= Value-added taxation in India =

India transitioned to a Value-added tax (VAT) system on 1 April 2005. The previous general sales tax laws were replaced with the Value Added Tax Act (2005) and associated VAT rules.

A few states (Gujarat, Tamil Nadu, Rajasthan, Madhya Pradesh, Chhattisgarh, Jharkhand, Uttarakhand and Uttar Pradesh) opted out of VAT during the initial introduction of VAT but adopted it later. As of 2 June 2014, VAT had been implemented in all the states and union territories of India except Pondicherry, Andaman and Nicobar Islands and Lakshadweep Island.

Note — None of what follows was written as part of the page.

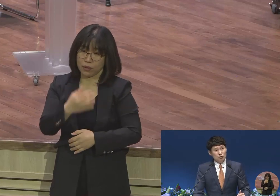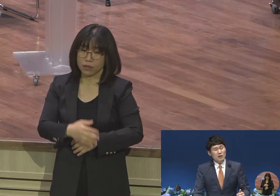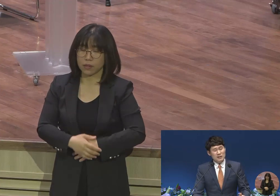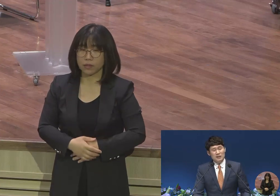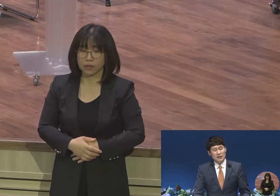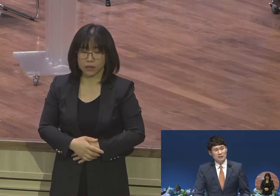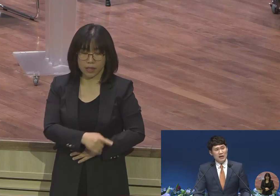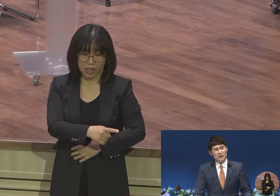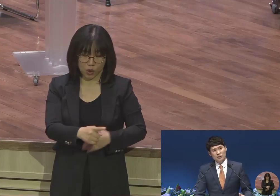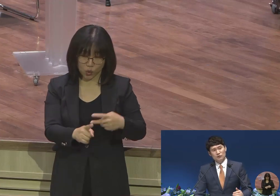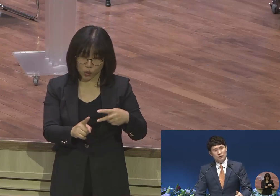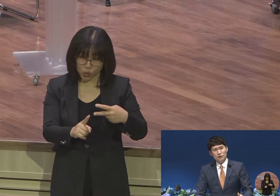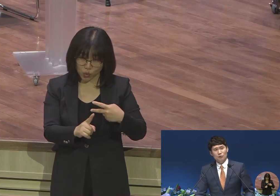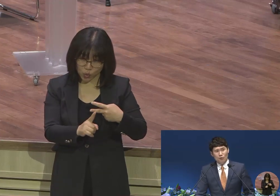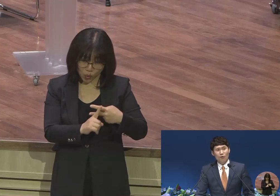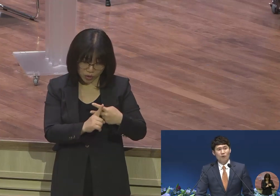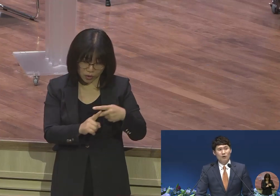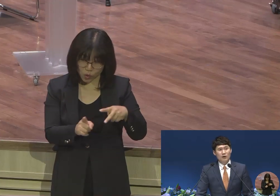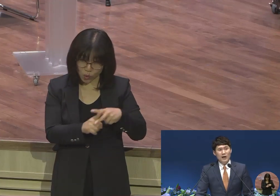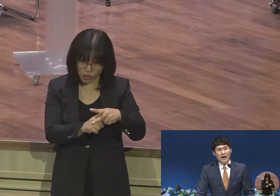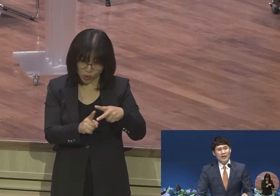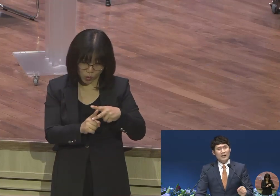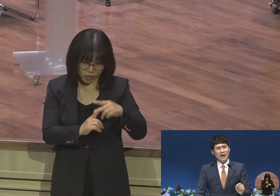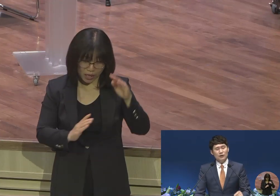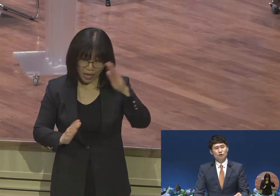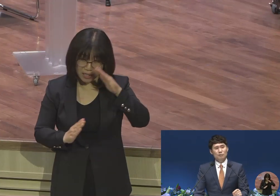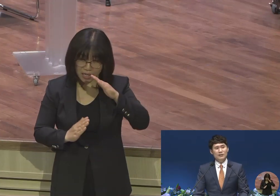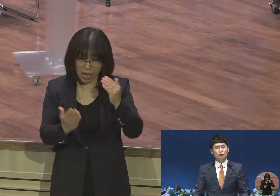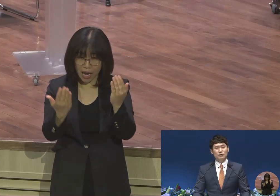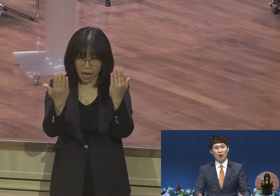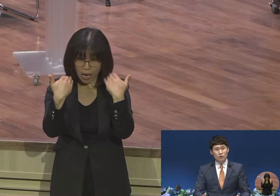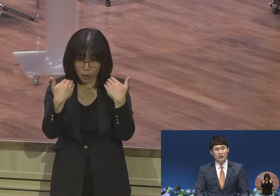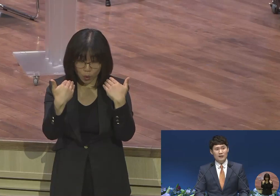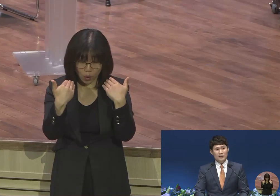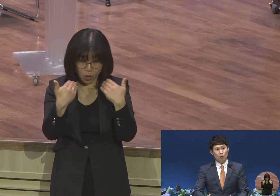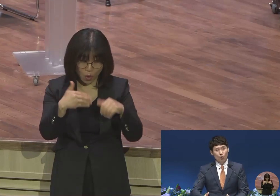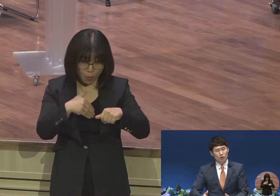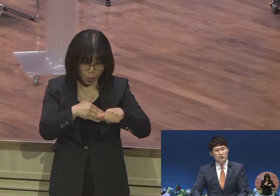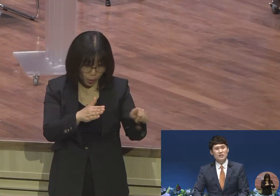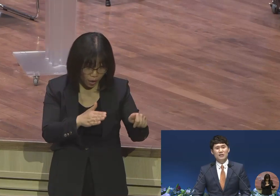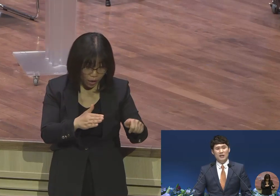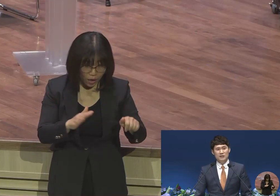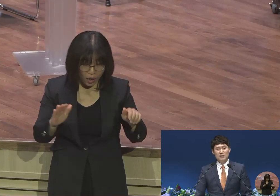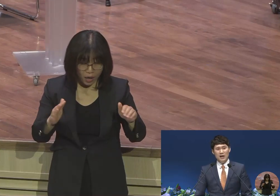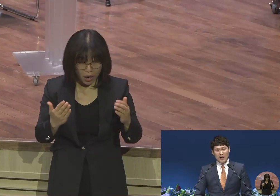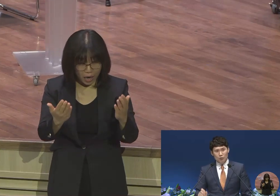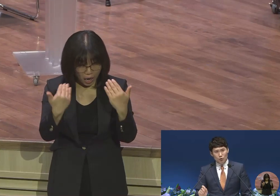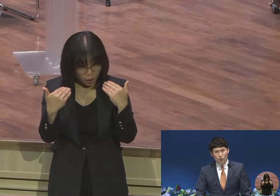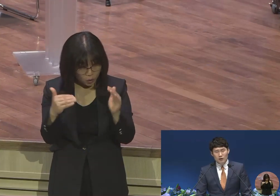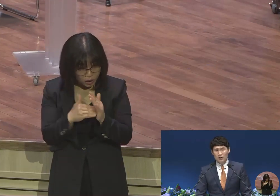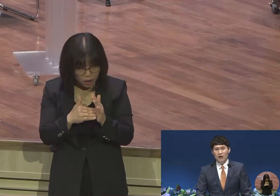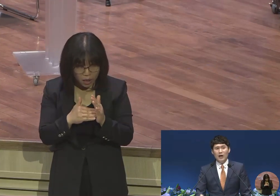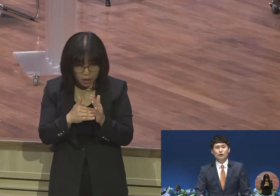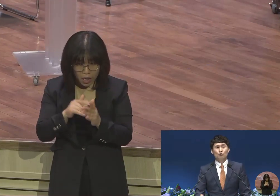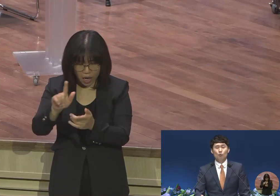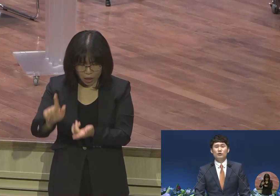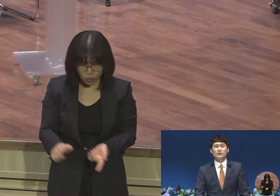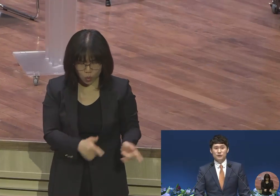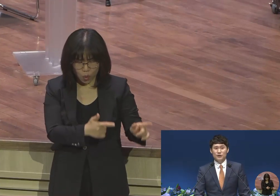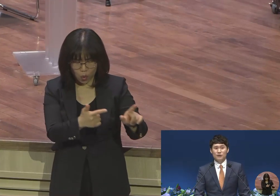초등학생인데 그 아이를 등교시켜놓고 아이가 학교를 마치고 나올 때까지 그 오후 늦은 시간까지 하루 종일 학교 교문에 서서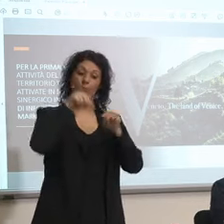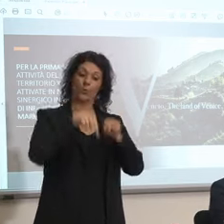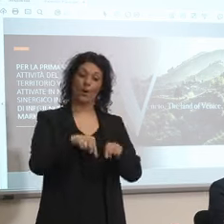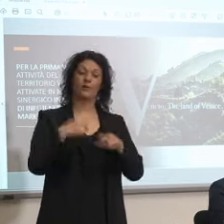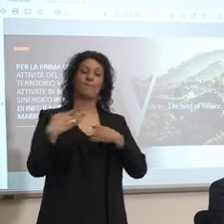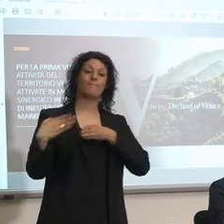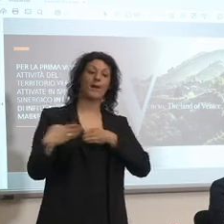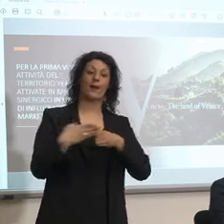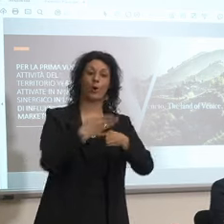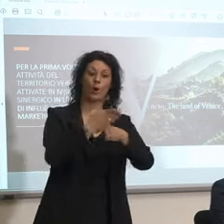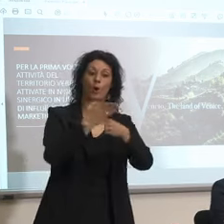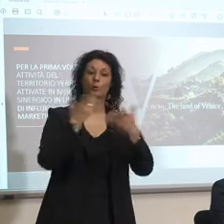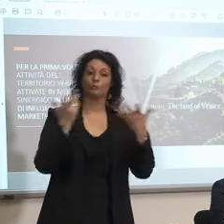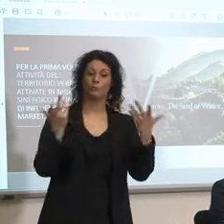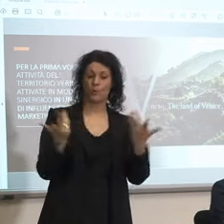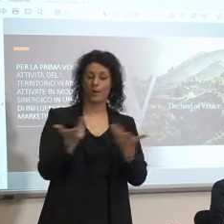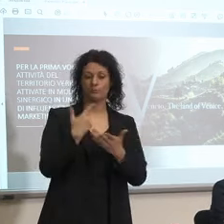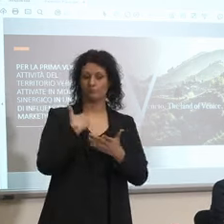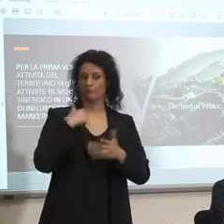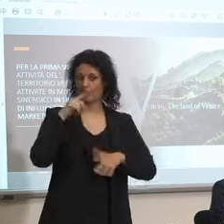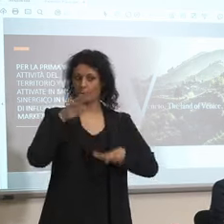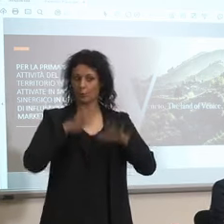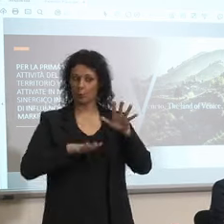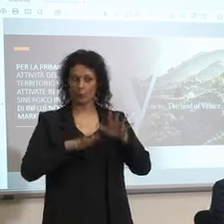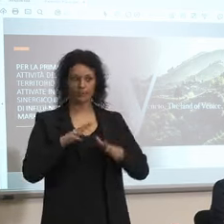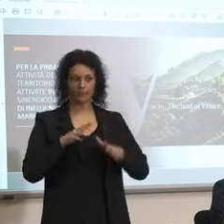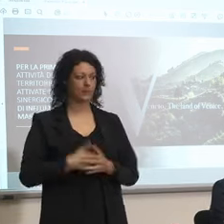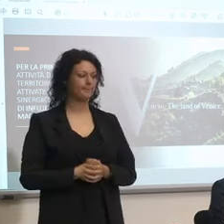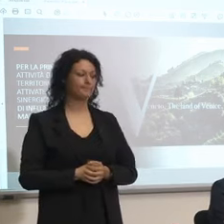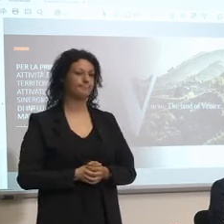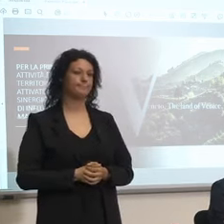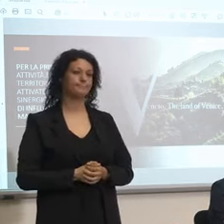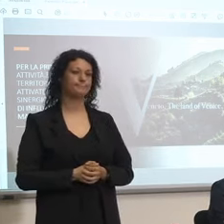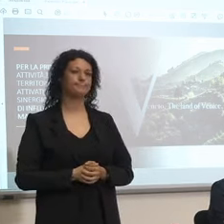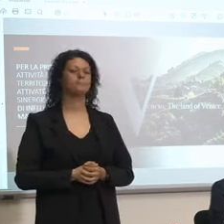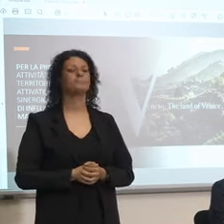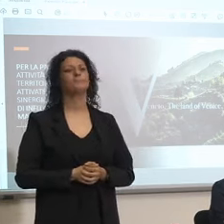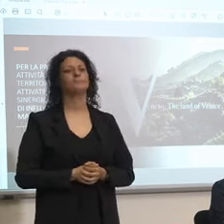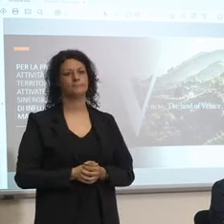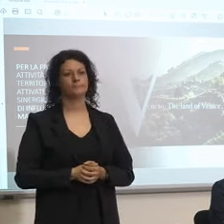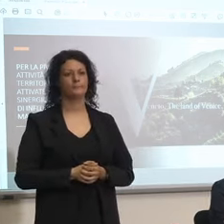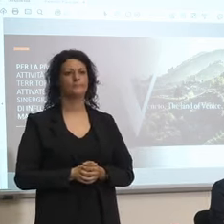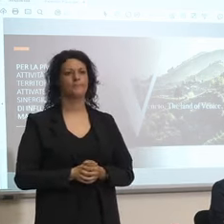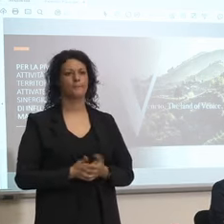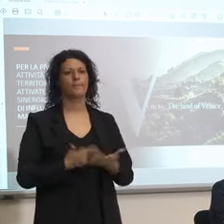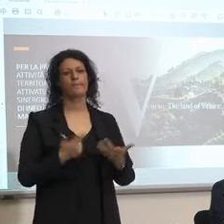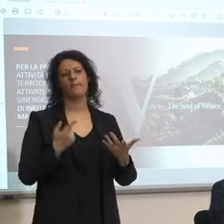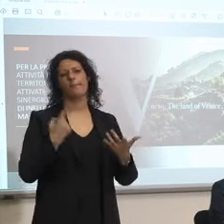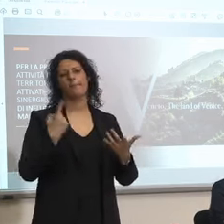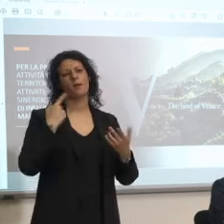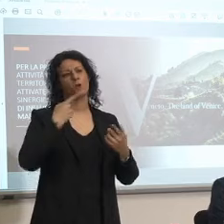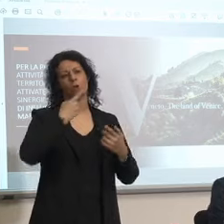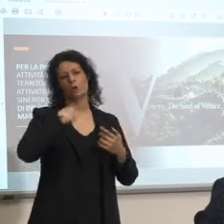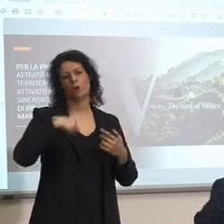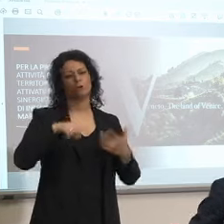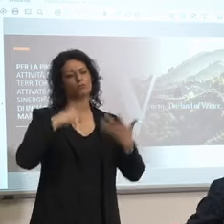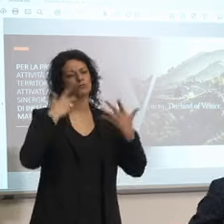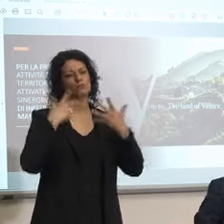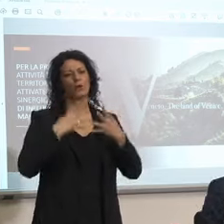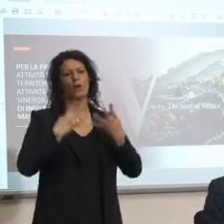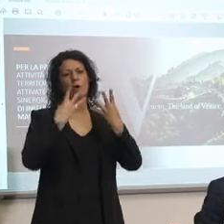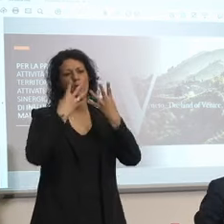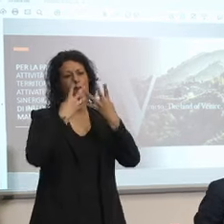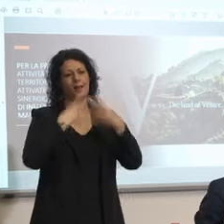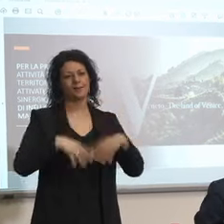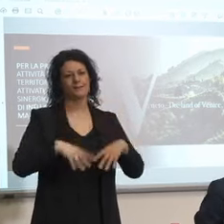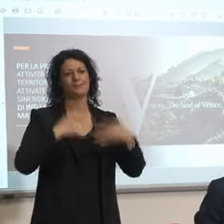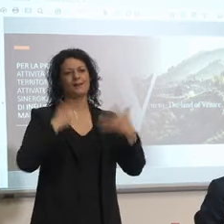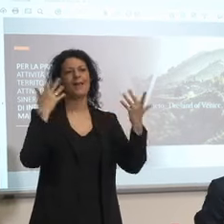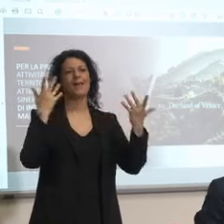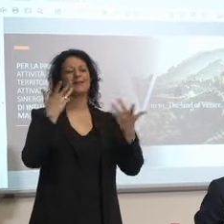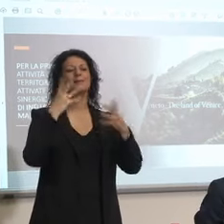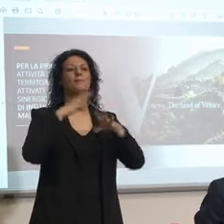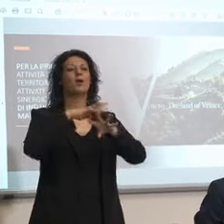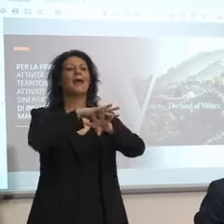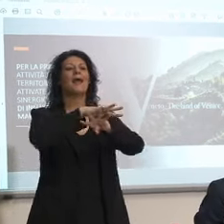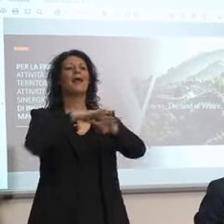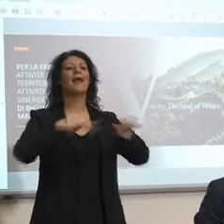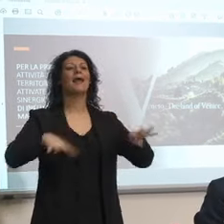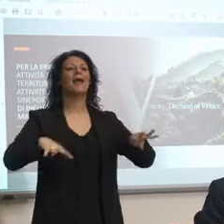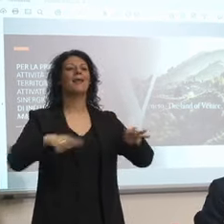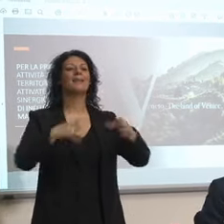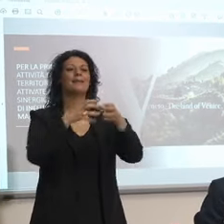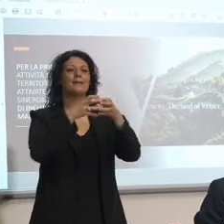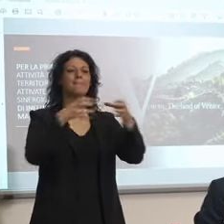assolutamente noi lo faremo ripeto siamo già organizzati sul territorio per esempio le reti di impresa i club di

India replaced VAT with the Goods and Services Tax on 1 July 2017.

== Legacy of India's VAT ==
In an audit of the policy, the Comptroller and Auditor of India found multiple deficiencies in the implementation of VAT.

== States where VAT was applicable ==

===Gujarat===
The Government of Gujarat had pass the "Gujarat Value Added Tax Act, 2003" (Act)
in 2003 and specified the date of implementation (appointed date) would be notified later. Accordingly, the Government of Gujarat has vide notification no. GHN – 14/VAT-2006/S.1.(3)(1)-TH dated 29 March 2006 notified that the appointed date for implementation of VAT regulations in the State of Gujarat shall be effected from 1 April 2006.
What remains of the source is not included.